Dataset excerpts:
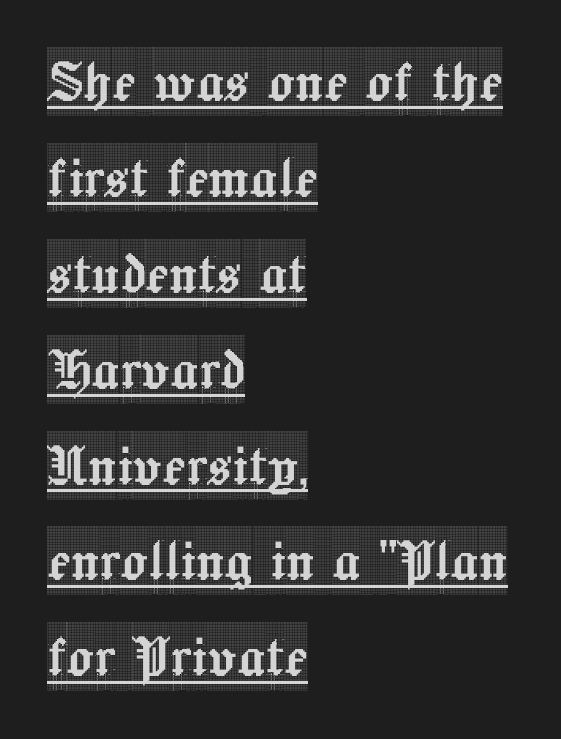
Q: Is the text italic (slanted)? A: No, it is upright.
Q: Is the typeface a serif or a sans-serif typeface? A: Serif.
Q: Is the text underlined? A: Yes.
Q: How is the paragraph aligned? A: Left-aligned.
Q: Is the spacing between letters normal or unusually wide? A: Normal.
Q: Is the spacing between lines tight, normal or loose? A: Normal.
Q: Width (condensed, normal, or wide)? A: Condensed.
Q: x-height? A: Large.
Q: Monospaced? A: No.
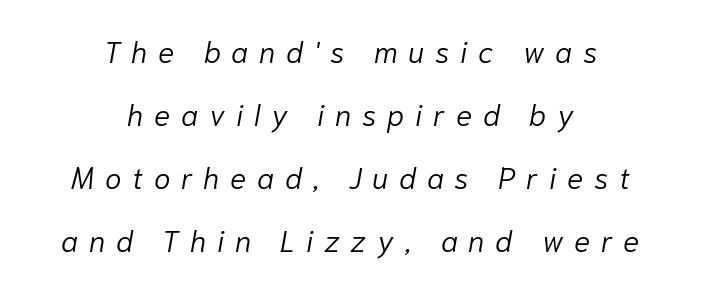
{"italic": "yes", "lean": "right", "slant_degrees": 10, "bold": "no", "weight": "light", "width": "normal", "stroke_contrast": "low", "x_height": "medium", "monospaced": "no", "underline": "no", "align": "center", "line_spacing": "loose", "line_spacing_ratio": 2.1, "letter_spacing": "wide", "letter_spacing_em": 0.36, "glyph_px": 30}
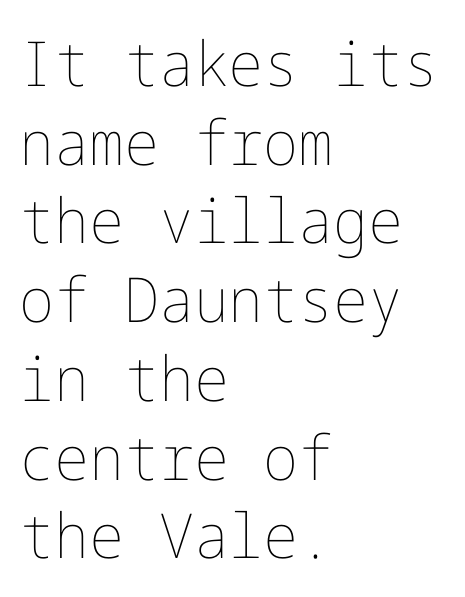
{"italic": "no", "bold": "no", "weight": "thin", "width": "normal", "stroke_contrast": "low", "x_height": "medium", "underline": "no", "align": "left", "line_spacing": "normal", "line_spacing_ratio": 1.27, "letter_spacing": "normal", "letter_spacing_em": 0.0, "glyph_px": 62}
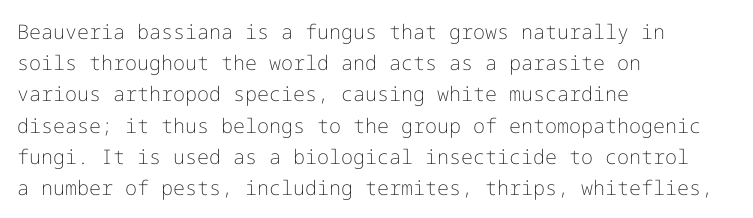
Q: Is the text bold? A: No.
Q: Is the text italic (slanted)? A: No, it is upright.
Q: Is the text underlined? A: No.
Q: How is the paragraph aligned? A: Left-aligned.
Q: Is the spacing between letters normal or unusually wide? A: Normal.
Q: Is the spacing between lines tight, normal or loose? A: Normal.
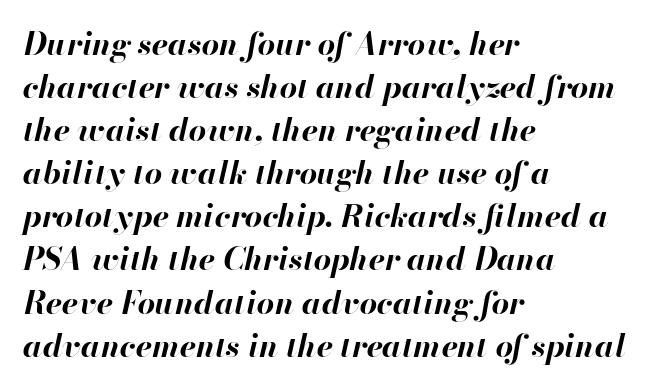
The image shows 31 px bold type, italic (leaning right); set left-aligned, normal line spacing (1.39x), normal letter spacing, not underlined; high stroke contrast and a small x-height.
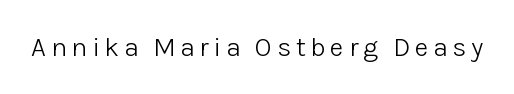
Q: Is the text bold? A: No.
Q: Is the text italic (slanted)? A: No, it is upright.
Q: Is the text underlined? A: No.
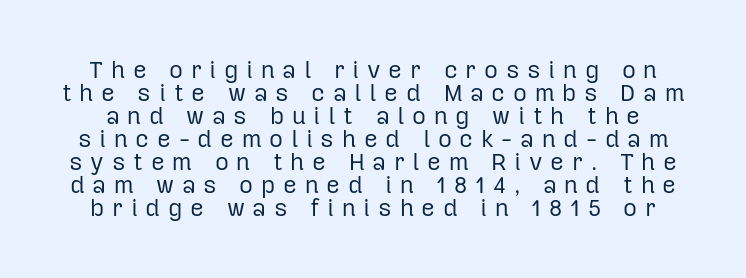
The image shows 24 px text type, upright; set tight line spacing (0.96x), unusually wide letter spacing (+0.32 em), not underlined.
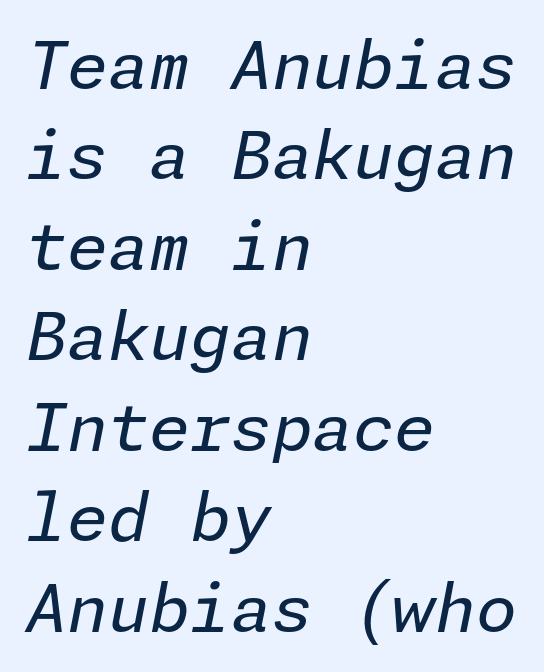
The leading is moderate, giving the passage an even texture. Does the copy run flush right? No — it runs flush left. The specimen omits any rule beneath the text block's lines. Posture: slanted. A light-to-regular cut is what we see here. Does extra space separate the letters? No, they use regular spacing.
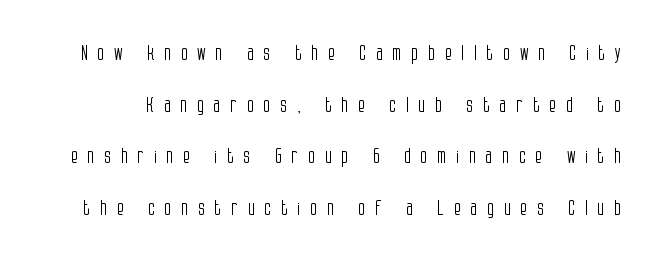
Summary of vertical rhythm: relaxed, with wide interline spacing. The string is rendered with underlining switched off. This is not heavy type; no bold has been used. The letters stand straight up with perfectly vertical stems. The horizontal fit of the characters is loose and conspicuously gappy.
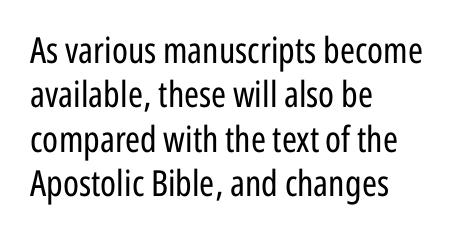
Think standard paragraph weight, or any step lighter than that. Spacing between characters is what you'd get straight out of the box. This sample uses an upright cut, with every glyph sitting square on the baseline. To sum up the face: it is a sans, with no serifs. The passage shown is typed in a proportional face where columns would drift.
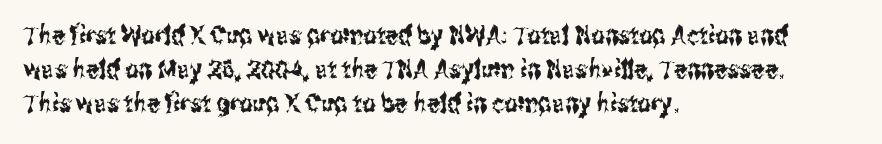
Q: Is the text italic (slanted)? A: No, it is upright.
Q: Is the text underlined? A: No.
Q: How is the paragraph aligned? A: Left-aligned.
Q: Is the spacing between letters normal or unusually wide? A: Normal.
Q: Is the spacing between lines tight, normal or loose? A: Normal.
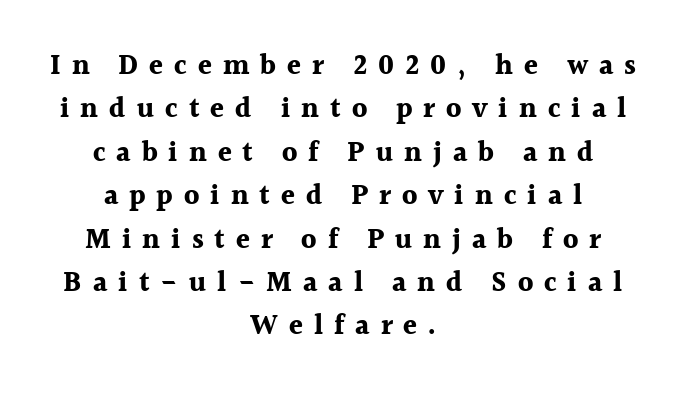
Q: Is the text bold? A: Yes.
Q: Is the text italic (slanted)? A: No, it is upright.
Q: Is the typeface a serif or a sans-serif typeface? A: Serif.
Q: Is the text underlined? A: No.
Q: How is the paragraph aligned? A: Centered.
Q: Is the spacing between letters normal or unusually wide? A: Unusually wide.
Q: Is the spacing between lines tight, normal or loose? A: Normal.
Q: Width (condensed, normal, or wide)? A: Normal.
Q: x-height? A: Medium.
Q: Monospaced? A: No.
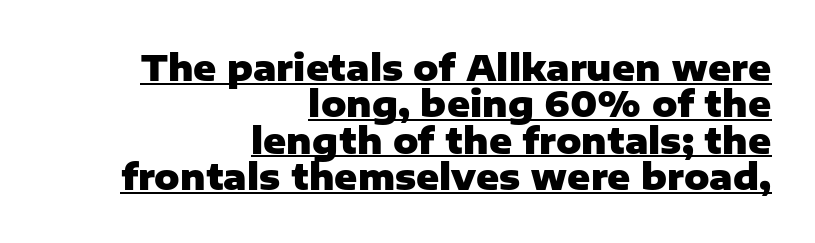
Q: Is the text bold? A: Yes.
Q: Is the text italic (slanted)? A: No, it is upright.
Q: Is the typeface a serif or a sans-serif typeface? A: Sans-serif.
Q: Is the text underlined? A: Yes.
Q: How is the paragraph aligned? A: Right-aligned.
Q: Is the spacing between letters normal or unusually wide? A: Normal.
Q: Is the spacing between lines tight, normal or loose? A: Tight.
Q: Width (condensed, normal, or wide)? A: Normal.
Q: Stroke contrast? A: Low.
Q: x-height? A: Medium.
Q: Monospaced? A: No.
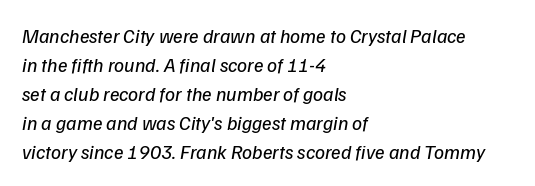
Q: Is the text bold? A: No.
Q: Is the text italic (slanted)? A: Yes, it leans right by about 9 degrees.
Q: Is the text underlined? A: No.
Q: How is the paragraph aligned? A: Left-aligned.
Q: Is the spacing between letters normal or unusually wide? A: Normal.
Q: Is the spacing between lines tight, normal or loose? A: Normal.
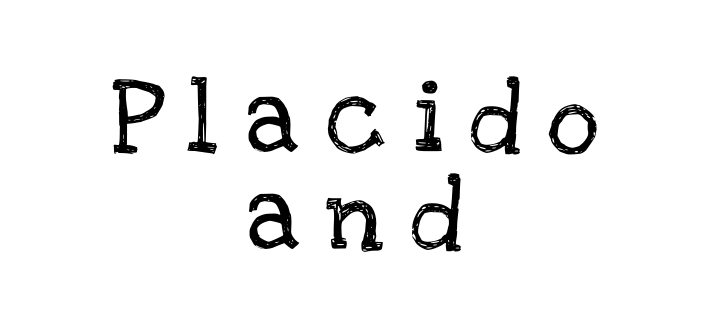
Tall strokes in this sample are plumb rather than angled. Line starts and ends both wander, symmetrically. Underlining? Definitely not there. I'd call this a serif setting — the letters wear small feet.
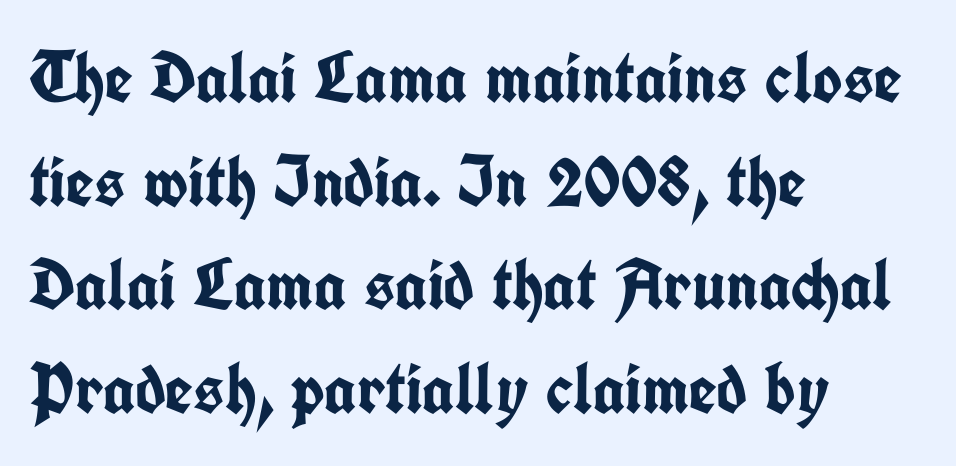
The image shows 72 px semibold, condensed sans-serif type, upright; set left-aligned, normal line spacing (1.44x), normal letter spacing, not underlined; low stroke contrast and a medium x-height.
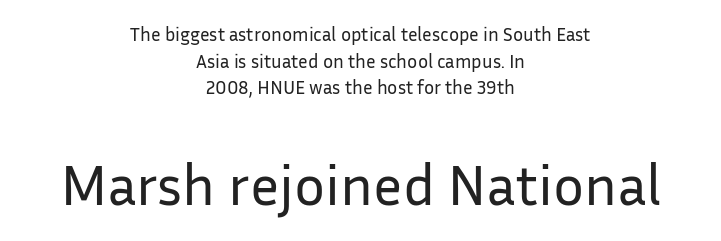
Q: Is the text bold? A: No.
Q: Is the text italic (slanted)? A: No, it is upright.
Q: Is the typeface a serif or a sans-serif typeface? A: Sans-serif.
Q: Is the text underlined? A: No.
Q: How is the paragraph aligned? A: Centered.
Q: Is the spacing between letters normal or unusually wide? A: Normal.
Q: Is the spacing between lines tight, normal or loose? A: Normal.
Q: Which block of text is set in a larger size, the first (top) or the second (bottom)? A: The second (bottom) one.
Q: Width (condensed, normal, or wide)? A: Normal.
Q: Stroke contrast? A: Low.
Q: x-height? A: Medium.
Q: Monospaced? A: No.
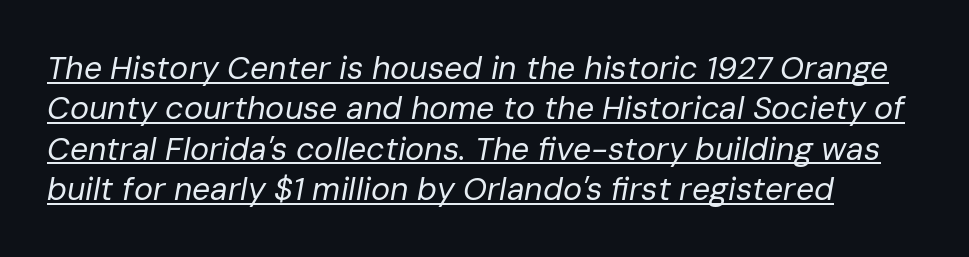
Q: Is the text bold? A: No.
Q: Is the text italic (slanted)? A: Yes, it leans right by about 10 degrees.
Q: Is the text underlined? A: Yes.
Q: How is the paragraph aligned? A: Left-aligned.
Q: Is the spacing between letters normal or unusually wide? A: Normal.
Q: Is the spacing between lines tight, normal or loose? A: Normal.
Q: Width (condensed, normal, or wide)? A: Normal.
Q: Stroke contrast? A: Low.
Q: x-height? A: Medium.
Q: Monospaced? A: No.

What to produce: Tally the lines above with "block", please; number only.

Solution for this exercise: 2